* _Description of the task_: Pictures aside, repeat all the entries below exactly as they appear.
--- Record excerpts Enclosed Below ---
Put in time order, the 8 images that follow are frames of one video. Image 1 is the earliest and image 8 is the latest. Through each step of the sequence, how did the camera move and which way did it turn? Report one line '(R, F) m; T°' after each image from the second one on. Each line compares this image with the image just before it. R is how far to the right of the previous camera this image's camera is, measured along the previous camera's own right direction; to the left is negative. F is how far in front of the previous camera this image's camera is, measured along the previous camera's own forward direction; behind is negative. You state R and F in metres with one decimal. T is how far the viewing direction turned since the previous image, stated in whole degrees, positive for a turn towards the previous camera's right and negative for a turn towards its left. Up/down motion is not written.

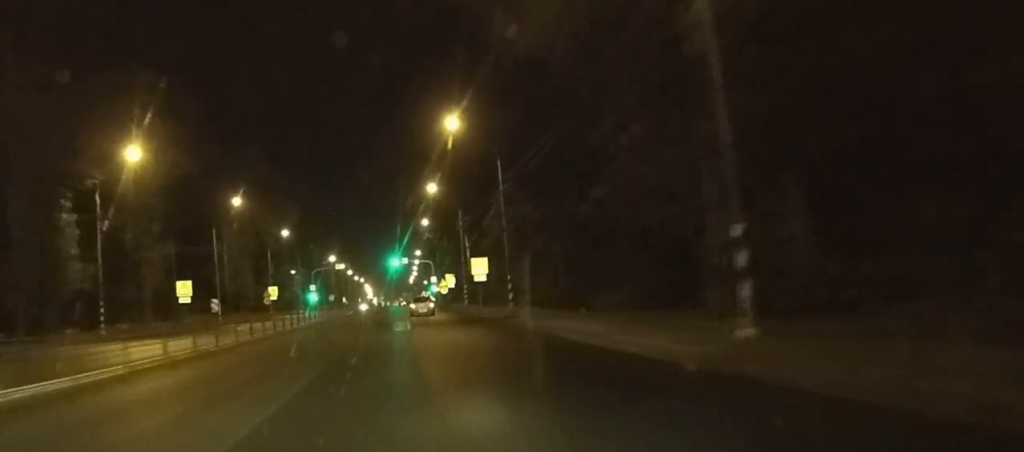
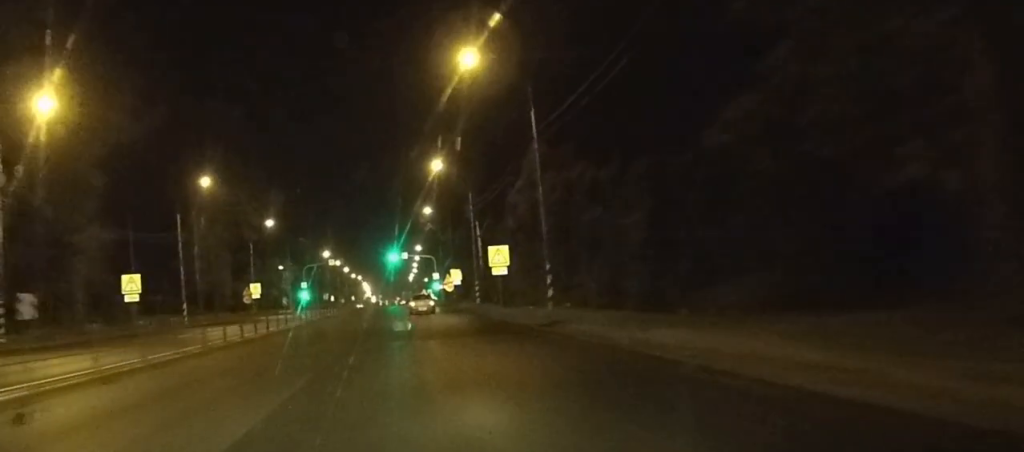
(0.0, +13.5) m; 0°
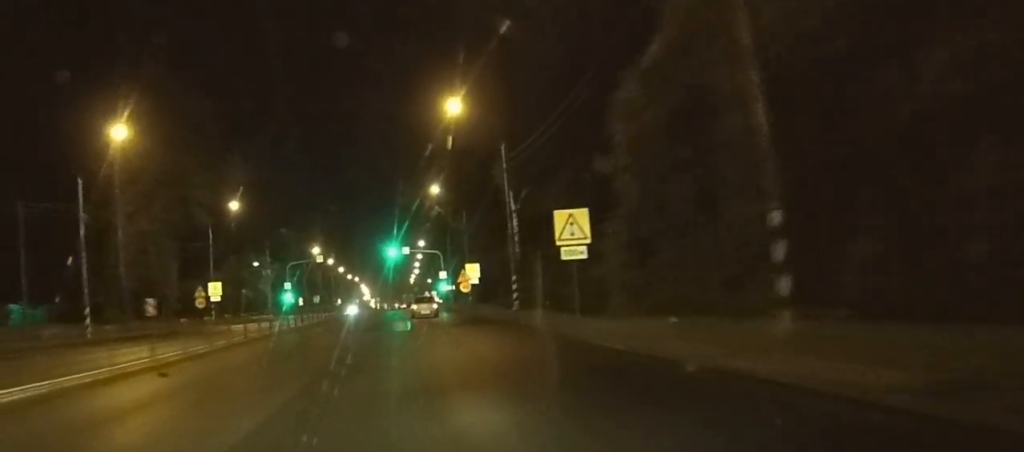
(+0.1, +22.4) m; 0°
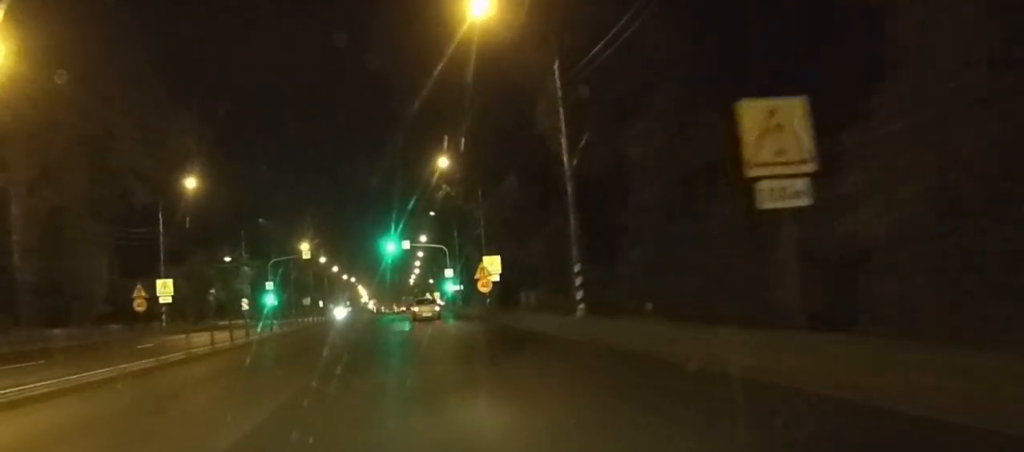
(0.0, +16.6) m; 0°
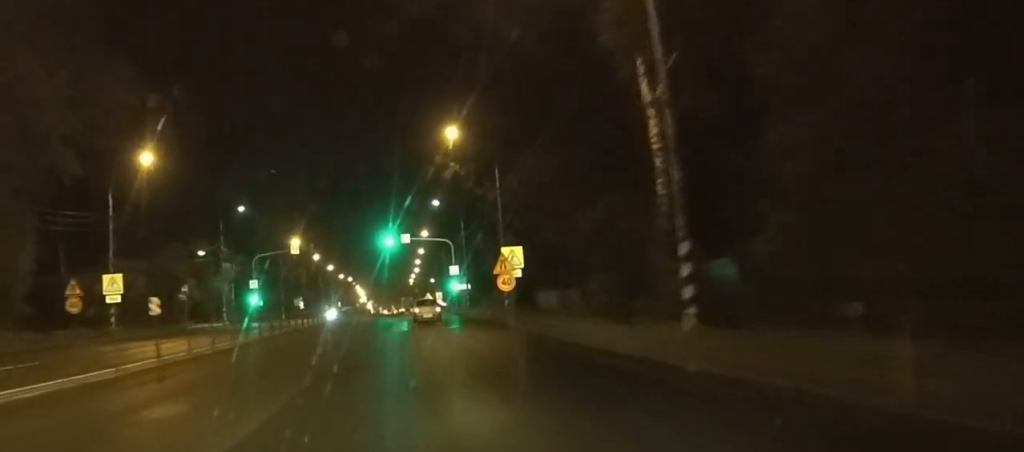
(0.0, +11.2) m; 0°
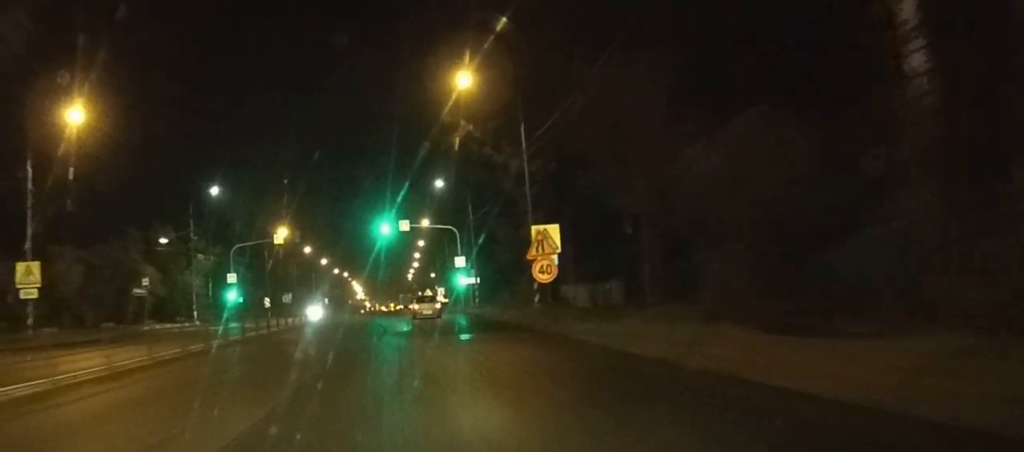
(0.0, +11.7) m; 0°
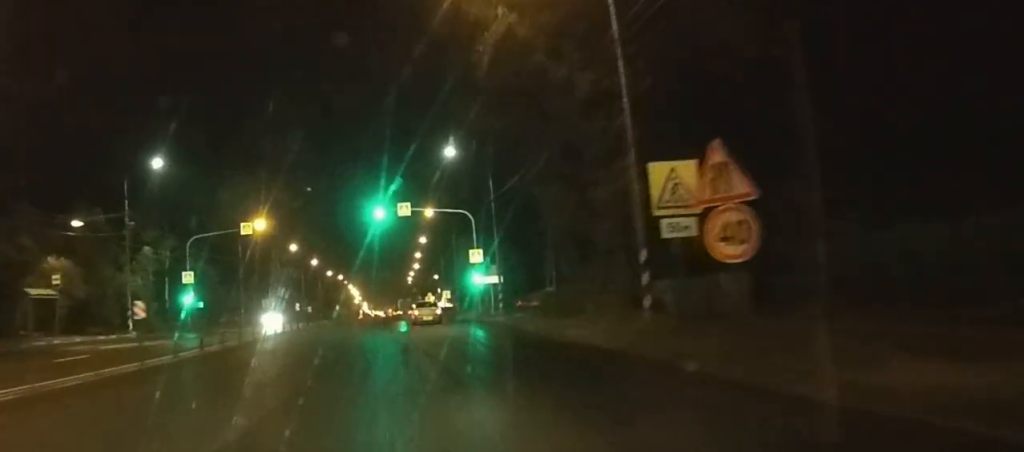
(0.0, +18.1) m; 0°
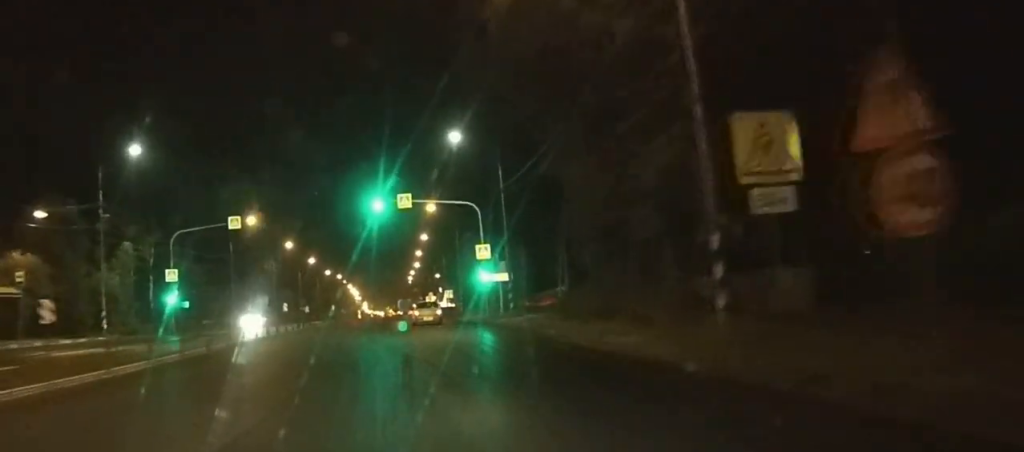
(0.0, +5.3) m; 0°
--- End of Enclosed Record excerpts ---
* _Output below_:
Put in time order, the 8 images that follow are frames of one video. Image 1 is the earliest and image 8 is the latest. Through each step of the sequence, how did the camera move and which way did it turn? Report one line '(R, F) m; T°' after each image from the second one on. Each line compares this image with the image just before it. R is how far to the right of the previous camera this image's camera is, measured along the previous camera's own right direction; to the left is negative. F is how far in front of the previous camera this image's camera is, measured along the previous camera's own forward direction; behind is negative. You state R and F in metres with one decimal. T is how far the viewing direction turned since the previous image, stated in whole degrees, positive for a turn towards the previous camera's right and negative for a turn towards its left. Up/down motion is not written.

(0.0, +13.5) m; 0°
(+0.1, +22.4) m; 0°
(0.0, +16.6) m; 0°
(0.0, +11.2) m; 0°
(0.0, +11.7) m; 0°
(0.0, +18.1) m; 0°
(0.0, +5.3) m; 0°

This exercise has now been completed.